Лекарство доктора Велезара приносило ему временное облегчение, но не излечивало до конца. Он бежал от людей, подчиняясь какому-то неведомому зову, противиться которому не смел, и каждый раз оказывался в пугающем белом тумане, наполненном голосами и жуткими образами, похожими на ряженых в Масленицу или на Коляду: Волот считал, что это преддверие Нави, желающей втянуть его в себя, оставить там навсегда. Но после этого тоже наступало облегчение, князь несколько часов пребывал в здравом рассудке, и только тогда был способен понимать слова, обращенные к нему.

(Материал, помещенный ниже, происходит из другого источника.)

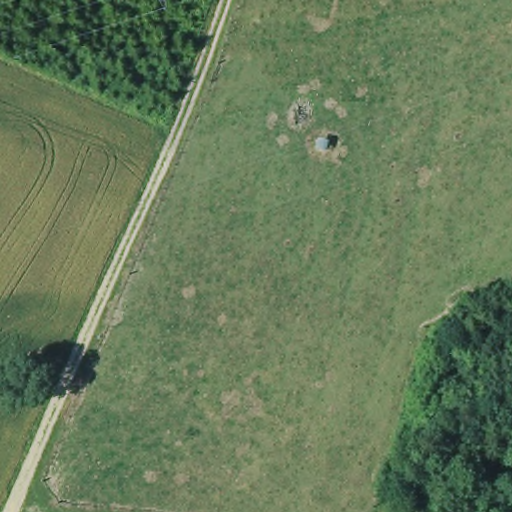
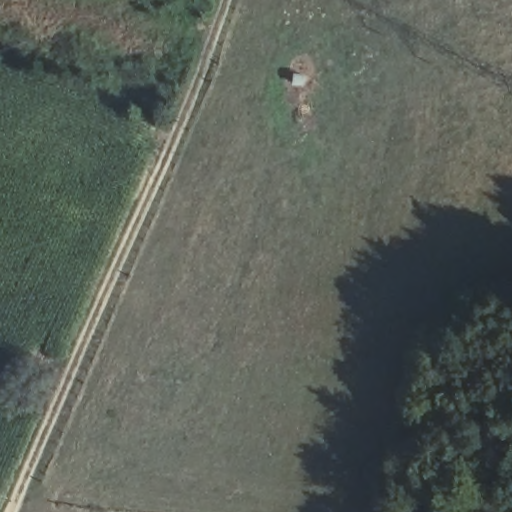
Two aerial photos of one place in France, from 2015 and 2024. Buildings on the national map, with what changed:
[]

Как бы ни пугал его Борута Темный, рядом с ним у Волота ни разу не случилось судорог, и он цеплялся за этого человека, выдумывая несуществующие поводы для того, чтоб побыть около него. Однажды князь признался в этом доктору Велезару, и тот, нисколько не удивившись, посоветовал ему спросить главного дознавателя напрямую: может быть, он знает какой-то секрет, самому доктору неизвестный, и эта его удивительная способность поможет Волоту излечиться?
Неразговорчивый Борута усмехнулся, когда Волот задал ему этот вопрос, и усмешка его была похожа на звериный оскал.
— А я ждал, князь, когда ты, наконец, догадаешься… — сказал он медленно, — догадаешься спросить.
— И что же, ты знаешь ответ?
— Конечно, знаю.
— Ты владеешь каким-то колдовством?
— Я? — главный дознаватель снова усмехнулся, — нет. Никакого колдовства. Просто мой бог всегда со мной, и милость его простирается не только на меня, но и на тех, кто рядом.
— Твой бог? — Волот хлопнул глазами.
— Да, князь. Я бы не стал признаваться тебе в этом, чтоб не вызывать ненужных толков, но раз ты спросил и хочешь услышать ответ, я отвечу: я христианин.
Борута расстегнул кафтан, отодвинул в сторону ворот рубахи и вытащил на свет маленький серебряный оберег в форме креста.
— Твой бог так силен? — Волот нагнулся и посмотрел на оберег внимательней, — но это же человек! Какой же это бог?
— Это божий сын, Исус. Он был распят ради спасения всех людей на земле. Бог помогает нам через своего сына. И он действительно очень силен. Он не просто силен — он всемогущ.
Волот задумался на минуту, а потом спросил:
— И что, он мог бы вылечить мою болезнь?
— Думаю, да. Если его хорошенько попросить.
— И какую жертву он потребует за излечение?
— Я, по крайней мере, не возьмусь решать. Это надо узнать у христианских жрецов.
Надежда забрезжила перед Волотом и словно оживила его. Оживила настолько, что когда вечером к нему явился Чернота Свиблов, князь не стал подписывать грамоты не глядя, а спросил:
— И какое МОЕ решение вы приняли на этот раз?
— Это пустячная бумага, князь, — пожал плечами Свиблов, — разрешение на въезд в Новгород десятка проповедников ортодоксальной церкви.
Волот уцепился за неожиданное совпадение, увидел в нем тайный смысл, почувствовал в нем Удачу.
— Послушай, Чернота Буйсилыч… А не мог бы ты устроить мне встречу с кем-нибудь из них? Разумеется, мне нужен сильный жрец, способный говорить со своим богом.
— Они все говорят со своим богом, и все одинаково не слышат его. Но я думаю, тебе нужен иерарх, а не просто жрец. И такую встречу я для тебя устрою — они только и мечтают о ней.
— Откуда ты знаешь?
— Разве я не говорил тебе? Дума уже месяц обсуждает вопрос крещения Руси и выбирает confessio.
— Без меня? — Волот поднял брови.
— А что ты хотел, мой мальчик? — фыркнул боярин, — война не станет ждать, когда ты поправишься. Решения надо принимать сегодня, а не завтра. Жизнь не останавливается на месте, если ты выходишь из нее даже на время.